Top of EXTRACTED MATERIAL

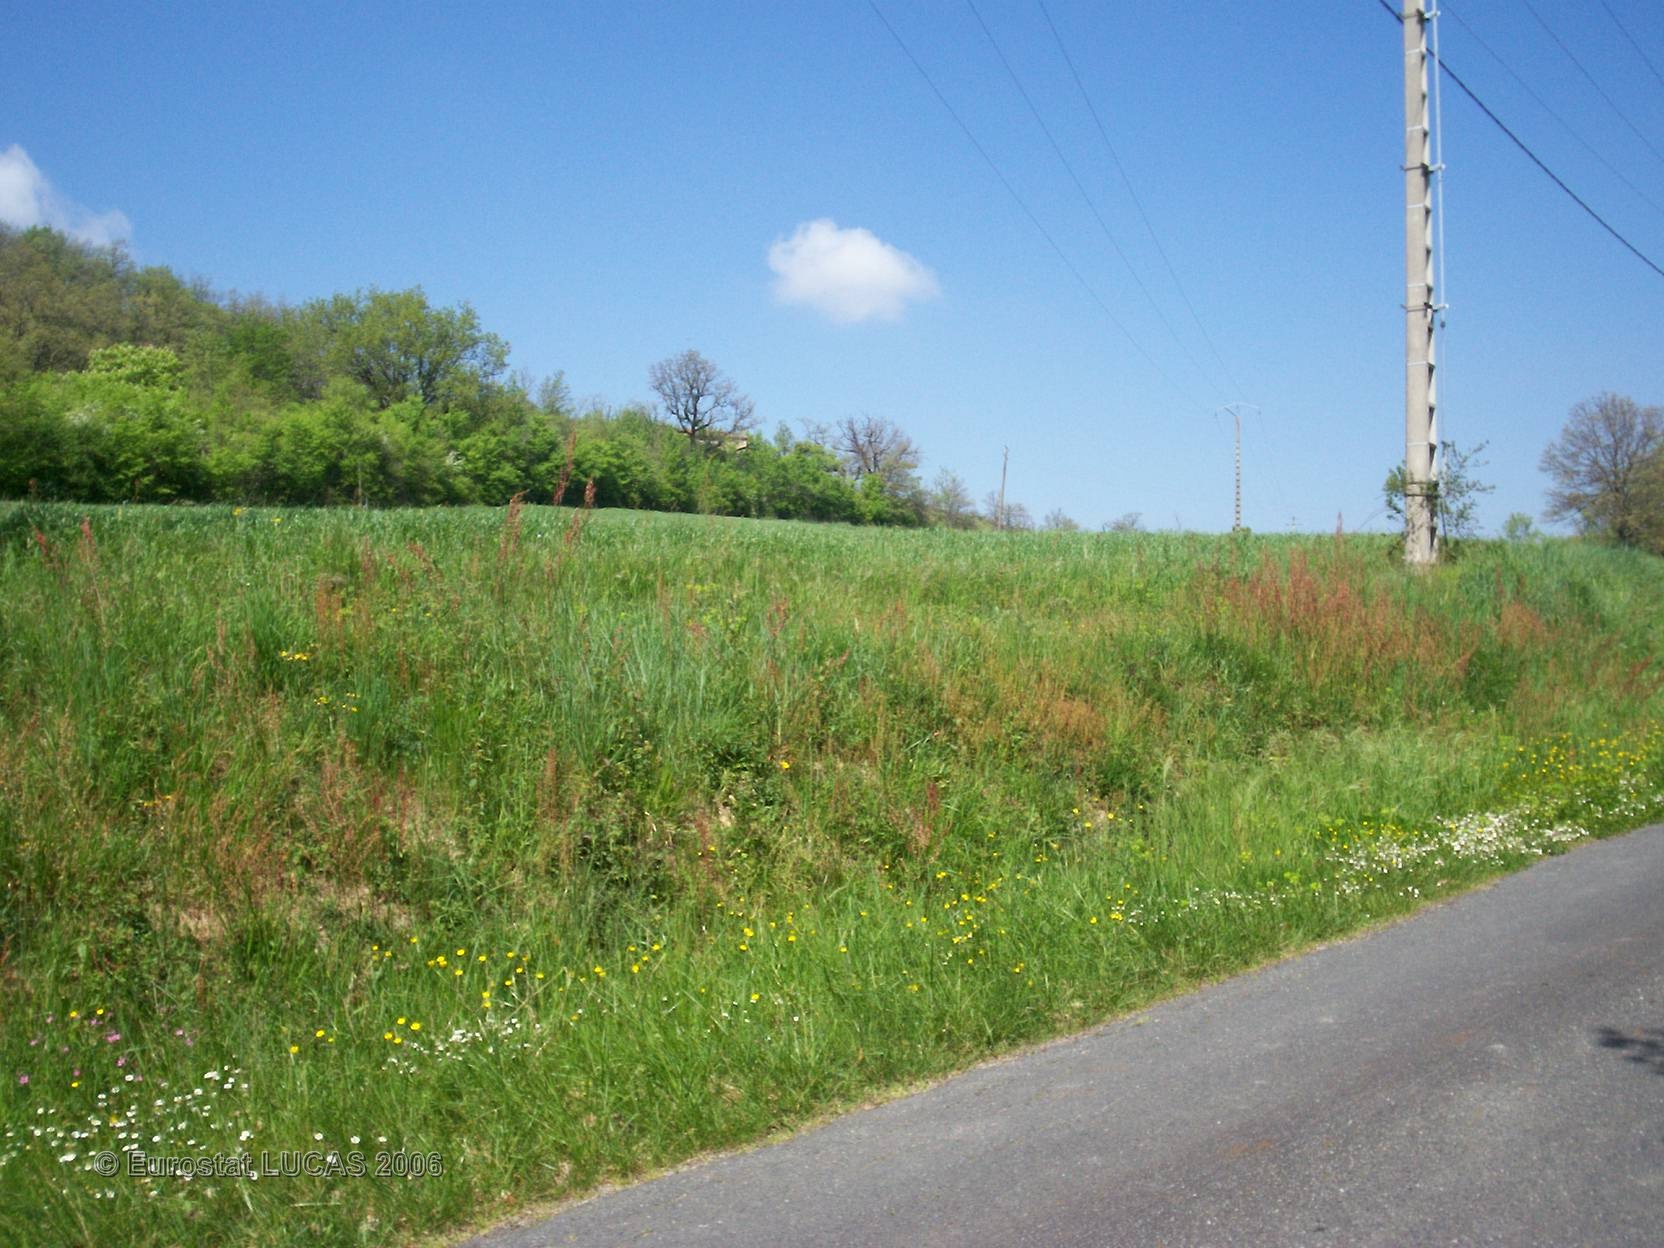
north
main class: Woodland
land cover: Broadleaved forest
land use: Forestry
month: April
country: FR
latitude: 43.6812
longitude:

Bottom of EXTRACTED MATERIAL

### TO DO
An exact restatement of every record is required. Omit the images.

### SOLVED PROBLEM
north
main class: Woodland
land cover: Broadleaved forest
land use: Forestry
month: April
country: FR
latitude: 43.6812
longitude:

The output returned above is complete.